Thomas Mathewson III (Chalmers said) was the most horrible example I have ever encountered of what too much inherited money can do to an individual. It was not just that he lived a life of idleness and squandered too much, for compared to the average so-called playboy he was rather niggardly with his money... no, niggardly isn’t the right word either, for on occasion he made gestures which by popular standards could only be regarded as generous. But always with what to him was a logical motive. He possessed a sort of calculated shrewdness which, from his own perverted standpoint, got him what he considered value received.

His eight wives, for example, cost him in excess of a million before he was through with the last of them. A normal person might regard this as an expensive proposition, but Tom Mathewson considered it a good buy. At the time of the last settlement he told me quite candidly each of his wives had cost him about what he had estimated in advance of proposing marriage — the implication being, of course, that he had bought the women like so many cattle and was well satisfied with his bargains.

He firmly believed that money could buy anything, and insofar as he was concerned, apparently it could. It certainly managed to get him out of many a jam which would have landed a poorer man in jail.

But before you anticipate me by assuming I am working up to the old moral wheeze that gold is not all, that Tom Mathewson finally discovered money could not buy the one thing he wanted most, let me assure you I have no such intention. So far as I know, he went to his death never having failed to get exactly what he wanted, and at what he considered a fair price.

What I suspect upended his apple cart was another person adopting his same philosophy.

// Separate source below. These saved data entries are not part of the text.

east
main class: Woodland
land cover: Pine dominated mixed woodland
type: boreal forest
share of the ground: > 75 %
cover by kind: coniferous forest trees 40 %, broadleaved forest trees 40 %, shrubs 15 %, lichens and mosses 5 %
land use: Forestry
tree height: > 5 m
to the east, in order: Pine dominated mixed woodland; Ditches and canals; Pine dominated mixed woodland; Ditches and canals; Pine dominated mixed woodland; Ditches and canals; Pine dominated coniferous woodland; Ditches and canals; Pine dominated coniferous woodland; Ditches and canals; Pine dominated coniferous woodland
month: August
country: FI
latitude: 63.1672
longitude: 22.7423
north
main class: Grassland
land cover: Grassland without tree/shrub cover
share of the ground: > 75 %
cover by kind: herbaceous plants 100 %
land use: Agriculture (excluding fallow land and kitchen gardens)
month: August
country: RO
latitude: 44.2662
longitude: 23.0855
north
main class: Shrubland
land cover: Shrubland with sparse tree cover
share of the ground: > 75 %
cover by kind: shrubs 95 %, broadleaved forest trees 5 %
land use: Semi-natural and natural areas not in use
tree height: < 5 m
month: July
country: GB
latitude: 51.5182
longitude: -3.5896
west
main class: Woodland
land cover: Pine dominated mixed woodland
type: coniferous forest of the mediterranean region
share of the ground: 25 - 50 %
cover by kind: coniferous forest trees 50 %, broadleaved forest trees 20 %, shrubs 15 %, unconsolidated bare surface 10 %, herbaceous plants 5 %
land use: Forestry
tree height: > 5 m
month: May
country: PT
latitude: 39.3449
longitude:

The circumstances leading up to the incident which upset me this morning go back to early 1945. We were still at war then, and the gasoline and tire shortages kept most people at home. But for Mathewson the war never existed. He somehow managed to escape the draft in spite of being only thirty-five, unmarried at the time, and in perfect physical condition. The dash compartment of his long-nosed convertible was always full of gasoline coupons which he obtained the Lord only knows where, and whenever he felt the urge to take a trip, he simply went.

This particular morning he had driven up from New York with the intention of spending the weekend at the hunting lodge he owned a few miles the other side of Catskill — the same place, incidentally, where he was killed last month. He had with him the blonde young lady who later became his seventh wife.

He was about hall-drunk as usual, and he roared onto the Rip Van Winkle Bridge at a speed witnesses later estimated at eight-five miles an hour. Unfortunately, a six-year-old boy on a bicycle was crossing the bridge from the-other direction.

When I got down to Catskill in response to Tom’s urgent phone call from the jail, I found the local authorities determined to send him up for life, providing they could deter the townspeople from taking the law into their own hands.